▶ [Activity]: The answer must be a single number: how many lines in the records below contain the word "that".

▶ [Source material]:

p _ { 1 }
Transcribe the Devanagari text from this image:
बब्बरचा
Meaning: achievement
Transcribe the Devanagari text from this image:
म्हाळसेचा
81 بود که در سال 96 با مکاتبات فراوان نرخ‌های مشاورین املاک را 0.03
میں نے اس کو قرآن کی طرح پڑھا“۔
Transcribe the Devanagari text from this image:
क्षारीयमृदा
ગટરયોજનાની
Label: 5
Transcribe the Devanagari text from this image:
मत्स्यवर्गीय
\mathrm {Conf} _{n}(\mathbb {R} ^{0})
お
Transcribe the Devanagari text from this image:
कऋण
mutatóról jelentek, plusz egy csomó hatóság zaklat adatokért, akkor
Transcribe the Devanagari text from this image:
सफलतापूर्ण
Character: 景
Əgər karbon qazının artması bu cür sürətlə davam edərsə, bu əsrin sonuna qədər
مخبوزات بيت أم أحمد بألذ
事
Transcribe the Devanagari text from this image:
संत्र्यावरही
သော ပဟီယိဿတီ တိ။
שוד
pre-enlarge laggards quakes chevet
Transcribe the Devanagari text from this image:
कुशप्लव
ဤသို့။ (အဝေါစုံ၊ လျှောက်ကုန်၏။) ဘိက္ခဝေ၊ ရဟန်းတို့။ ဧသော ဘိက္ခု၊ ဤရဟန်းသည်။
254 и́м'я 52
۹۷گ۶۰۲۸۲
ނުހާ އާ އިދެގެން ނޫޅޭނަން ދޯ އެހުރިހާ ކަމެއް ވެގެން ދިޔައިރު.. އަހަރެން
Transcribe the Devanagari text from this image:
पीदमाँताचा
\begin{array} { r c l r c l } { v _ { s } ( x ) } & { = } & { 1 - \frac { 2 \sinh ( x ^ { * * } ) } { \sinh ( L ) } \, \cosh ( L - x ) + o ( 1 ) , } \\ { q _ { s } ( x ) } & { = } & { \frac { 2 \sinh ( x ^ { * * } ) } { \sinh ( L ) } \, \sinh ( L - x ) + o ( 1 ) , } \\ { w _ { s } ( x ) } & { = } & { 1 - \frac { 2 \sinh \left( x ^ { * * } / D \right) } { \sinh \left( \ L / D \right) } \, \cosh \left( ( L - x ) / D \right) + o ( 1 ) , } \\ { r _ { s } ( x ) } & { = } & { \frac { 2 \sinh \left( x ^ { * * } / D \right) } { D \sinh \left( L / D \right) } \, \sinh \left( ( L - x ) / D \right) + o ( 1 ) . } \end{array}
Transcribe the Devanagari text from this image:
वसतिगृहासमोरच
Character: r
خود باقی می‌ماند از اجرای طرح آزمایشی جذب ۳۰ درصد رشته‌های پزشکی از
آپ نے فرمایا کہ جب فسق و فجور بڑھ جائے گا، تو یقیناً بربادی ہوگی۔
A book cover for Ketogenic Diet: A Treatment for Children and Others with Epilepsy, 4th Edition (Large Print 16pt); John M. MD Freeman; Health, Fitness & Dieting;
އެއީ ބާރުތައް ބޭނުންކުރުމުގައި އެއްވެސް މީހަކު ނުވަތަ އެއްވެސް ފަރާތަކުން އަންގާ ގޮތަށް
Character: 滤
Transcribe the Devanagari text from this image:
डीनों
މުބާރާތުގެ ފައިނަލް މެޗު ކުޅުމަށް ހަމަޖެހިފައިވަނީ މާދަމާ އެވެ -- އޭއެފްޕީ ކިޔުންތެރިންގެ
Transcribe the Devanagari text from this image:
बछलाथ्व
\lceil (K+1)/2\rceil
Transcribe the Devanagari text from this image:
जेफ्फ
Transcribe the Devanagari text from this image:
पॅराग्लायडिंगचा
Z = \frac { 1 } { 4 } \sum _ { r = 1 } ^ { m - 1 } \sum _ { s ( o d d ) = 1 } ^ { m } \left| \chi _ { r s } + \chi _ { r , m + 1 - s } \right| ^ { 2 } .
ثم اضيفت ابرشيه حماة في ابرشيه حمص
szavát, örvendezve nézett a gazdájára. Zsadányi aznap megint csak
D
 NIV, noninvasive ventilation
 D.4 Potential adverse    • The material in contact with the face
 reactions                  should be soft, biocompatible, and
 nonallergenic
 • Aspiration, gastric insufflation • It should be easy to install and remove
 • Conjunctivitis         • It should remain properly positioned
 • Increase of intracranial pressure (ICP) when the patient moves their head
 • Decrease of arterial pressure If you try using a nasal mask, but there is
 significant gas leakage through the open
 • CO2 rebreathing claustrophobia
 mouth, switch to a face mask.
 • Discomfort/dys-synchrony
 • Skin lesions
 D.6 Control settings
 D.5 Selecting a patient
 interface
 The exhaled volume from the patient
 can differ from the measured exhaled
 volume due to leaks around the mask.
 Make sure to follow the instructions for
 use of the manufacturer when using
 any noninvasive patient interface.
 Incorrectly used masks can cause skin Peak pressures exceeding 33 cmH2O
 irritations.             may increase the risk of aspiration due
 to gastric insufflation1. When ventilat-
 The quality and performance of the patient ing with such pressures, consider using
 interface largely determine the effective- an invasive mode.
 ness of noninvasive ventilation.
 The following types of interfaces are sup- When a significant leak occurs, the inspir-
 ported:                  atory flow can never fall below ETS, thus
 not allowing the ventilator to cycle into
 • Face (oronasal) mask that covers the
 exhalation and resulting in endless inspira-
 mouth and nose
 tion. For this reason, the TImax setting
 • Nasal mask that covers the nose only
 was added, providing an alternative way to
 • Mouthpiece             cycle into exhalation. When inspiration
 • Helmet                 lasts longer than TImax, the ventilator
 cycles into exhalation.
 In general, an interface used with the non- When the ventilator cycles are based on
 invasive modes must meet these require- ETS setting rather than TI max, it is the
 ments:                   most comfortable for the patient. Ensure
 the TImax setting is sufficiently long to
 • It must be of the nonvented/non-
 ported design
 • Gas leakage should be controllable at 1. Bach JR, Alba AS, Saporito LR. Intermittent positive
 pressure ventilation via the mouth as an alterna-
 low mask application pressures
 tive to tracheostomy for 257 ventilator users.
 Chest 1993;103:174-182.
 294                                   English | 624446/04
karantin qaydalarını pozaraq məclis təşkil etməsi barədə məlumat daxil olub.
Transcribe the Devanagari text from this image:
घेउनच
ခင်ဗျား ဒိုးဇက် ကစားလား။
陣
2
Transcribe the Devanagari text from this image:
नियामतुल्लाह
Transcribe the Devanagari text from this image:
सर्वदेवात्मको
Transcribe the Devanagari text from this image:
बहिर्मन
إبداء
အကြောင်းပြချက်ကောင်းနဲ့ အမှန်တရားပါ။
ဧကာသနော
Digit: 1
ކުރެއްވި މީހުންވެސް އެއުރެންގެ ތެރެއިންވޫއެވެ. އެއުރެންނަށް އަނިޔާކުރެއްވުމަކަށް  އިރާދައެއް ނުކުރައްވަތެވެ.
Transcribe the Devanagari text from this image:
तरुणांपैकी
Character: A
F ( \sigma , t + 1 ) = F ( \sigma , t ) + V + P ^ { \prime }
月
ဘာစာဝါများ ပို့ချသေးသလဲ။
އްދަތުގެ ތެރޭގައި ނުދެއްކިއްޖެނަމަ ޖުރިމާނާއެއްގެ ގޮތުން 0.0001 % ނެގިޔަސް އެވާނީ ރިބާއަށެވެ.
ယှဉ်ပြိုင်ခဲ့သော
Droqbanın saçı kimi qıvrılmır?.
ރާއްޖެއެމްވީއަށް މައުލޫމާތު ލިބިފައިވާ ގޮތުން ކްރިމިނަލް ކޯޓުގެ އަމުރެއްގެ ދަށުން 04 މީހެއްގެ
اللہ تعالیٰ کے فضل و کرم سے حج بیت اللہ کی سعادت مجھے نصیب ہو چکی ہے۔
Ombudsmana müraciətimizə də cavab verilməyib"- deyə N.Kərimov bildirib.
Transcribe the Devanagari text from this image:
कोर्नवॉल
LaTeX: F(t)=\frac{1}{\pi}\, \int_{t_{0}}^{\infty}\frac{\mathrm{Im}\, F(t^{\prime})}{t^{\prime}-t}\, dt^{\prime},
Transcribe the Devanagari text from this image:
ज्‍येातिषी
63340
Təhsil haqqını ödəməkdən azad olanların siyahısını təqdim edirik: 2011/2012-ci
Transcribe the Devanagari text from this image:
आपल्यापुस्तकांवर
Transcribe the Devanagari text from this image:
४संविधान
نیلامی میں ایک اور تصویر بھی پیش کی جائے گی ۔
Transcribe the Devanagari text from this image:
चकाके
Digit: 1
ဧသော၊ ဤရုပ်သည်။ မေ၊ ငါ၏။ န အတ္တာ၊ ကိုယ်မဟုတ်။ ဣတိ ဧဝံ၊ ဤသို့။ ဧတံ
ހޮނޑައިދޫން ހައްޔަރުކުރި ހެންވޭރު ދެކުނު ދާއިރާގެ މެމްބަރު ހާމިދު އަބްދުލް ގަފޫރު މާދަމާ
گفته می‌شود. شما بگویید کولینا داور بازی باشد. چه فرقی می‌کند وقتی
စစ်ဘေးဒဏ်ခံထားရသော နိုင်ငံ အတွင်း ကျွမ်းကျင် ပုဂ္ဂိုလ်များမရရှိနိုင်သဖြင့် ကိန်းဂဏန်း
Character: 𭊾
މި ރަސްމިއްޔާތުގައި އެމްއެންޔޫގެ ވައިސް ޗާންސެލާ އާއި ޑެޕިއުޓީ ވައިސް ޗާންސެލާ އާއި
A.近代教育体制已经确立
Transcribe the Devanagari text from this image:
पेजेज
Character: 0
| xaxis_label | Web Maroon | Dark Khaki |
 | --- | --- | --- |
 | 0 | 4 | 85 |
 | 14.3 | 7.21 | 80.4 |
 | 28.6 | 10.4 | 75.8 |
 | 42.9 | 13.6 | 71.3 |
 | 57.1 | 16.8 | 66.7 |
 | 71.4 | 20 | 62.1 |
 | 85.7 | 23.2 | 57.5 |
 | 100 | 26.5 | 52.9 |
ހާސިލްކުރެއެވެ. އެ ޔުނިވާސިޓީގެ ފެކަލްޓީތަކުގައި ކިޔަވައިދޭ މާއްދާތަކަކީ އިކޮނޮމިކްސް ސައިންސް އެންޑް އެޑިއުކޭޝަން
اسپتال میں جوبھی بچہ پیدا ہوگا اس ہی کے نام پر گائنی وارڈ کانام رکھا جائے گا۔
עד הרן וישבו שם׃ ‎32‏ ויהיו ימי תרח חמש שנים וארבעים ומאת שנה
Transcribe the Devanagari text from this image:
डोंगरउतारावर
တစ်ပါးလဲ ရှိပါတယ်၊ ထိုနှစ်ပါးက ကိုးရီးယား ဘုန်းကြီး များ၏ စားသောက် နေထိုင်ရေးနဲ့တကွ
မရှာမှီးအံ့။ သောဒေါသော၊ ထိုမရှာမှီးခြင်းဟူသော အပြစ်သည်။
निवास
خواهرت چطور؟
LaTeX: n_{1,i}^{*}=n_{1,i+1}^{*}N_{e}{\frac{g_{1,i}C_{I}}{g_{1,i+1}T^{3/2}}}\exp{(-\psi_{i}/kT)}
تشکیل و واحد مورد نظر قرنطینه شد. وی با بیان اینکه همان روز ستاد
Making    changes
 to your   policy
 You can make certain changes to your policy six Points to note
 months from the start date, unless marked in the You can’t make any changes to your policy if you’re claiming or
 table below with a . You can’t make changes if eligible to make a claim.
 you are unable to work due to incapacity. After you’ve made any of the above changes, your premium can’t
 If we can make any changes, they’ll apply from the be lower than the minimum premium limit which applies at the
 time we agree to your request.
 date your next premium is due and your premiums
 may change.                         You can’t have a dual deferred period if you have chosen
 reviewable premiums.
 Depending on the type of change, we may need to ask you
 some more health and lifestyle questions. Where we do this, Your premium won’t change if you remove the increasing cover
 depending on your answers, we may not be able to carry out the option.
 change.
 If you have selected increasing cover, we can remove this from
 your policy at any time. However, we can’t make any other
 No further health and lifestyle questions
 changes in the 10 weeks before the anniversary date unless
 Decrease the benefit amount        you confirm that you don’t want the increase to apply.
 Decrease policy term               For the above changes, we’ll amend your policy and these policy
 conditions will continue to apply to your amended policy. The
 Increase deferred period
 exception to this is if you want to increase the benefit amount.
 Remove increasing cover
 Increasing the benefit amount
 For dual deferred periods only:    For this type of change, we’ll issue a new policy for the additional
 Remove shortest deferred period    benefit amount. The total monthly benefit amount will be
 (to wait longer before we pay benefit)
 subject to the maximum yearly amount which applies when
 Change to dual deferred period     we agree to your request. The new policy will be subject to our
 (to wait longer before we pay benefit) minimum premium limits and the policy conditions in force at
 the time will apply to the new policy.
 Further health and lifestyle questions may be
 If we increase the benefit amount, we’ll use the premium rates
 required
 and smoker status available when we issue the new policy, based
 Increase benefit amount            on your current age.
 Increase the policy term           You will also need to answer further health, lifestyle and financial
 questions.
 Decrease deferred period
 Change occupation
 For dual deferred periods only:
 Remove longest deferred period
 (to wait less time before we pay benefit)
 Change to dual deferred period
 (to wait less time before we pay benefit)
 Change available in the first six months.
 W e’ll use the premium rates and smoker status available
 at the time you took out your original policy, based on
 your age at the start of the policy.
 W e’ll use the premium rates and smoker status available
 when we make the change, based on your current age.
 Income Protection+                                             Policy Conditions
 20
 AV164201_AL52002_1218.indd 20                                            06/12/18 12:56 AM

▶ [Expected answer]: 3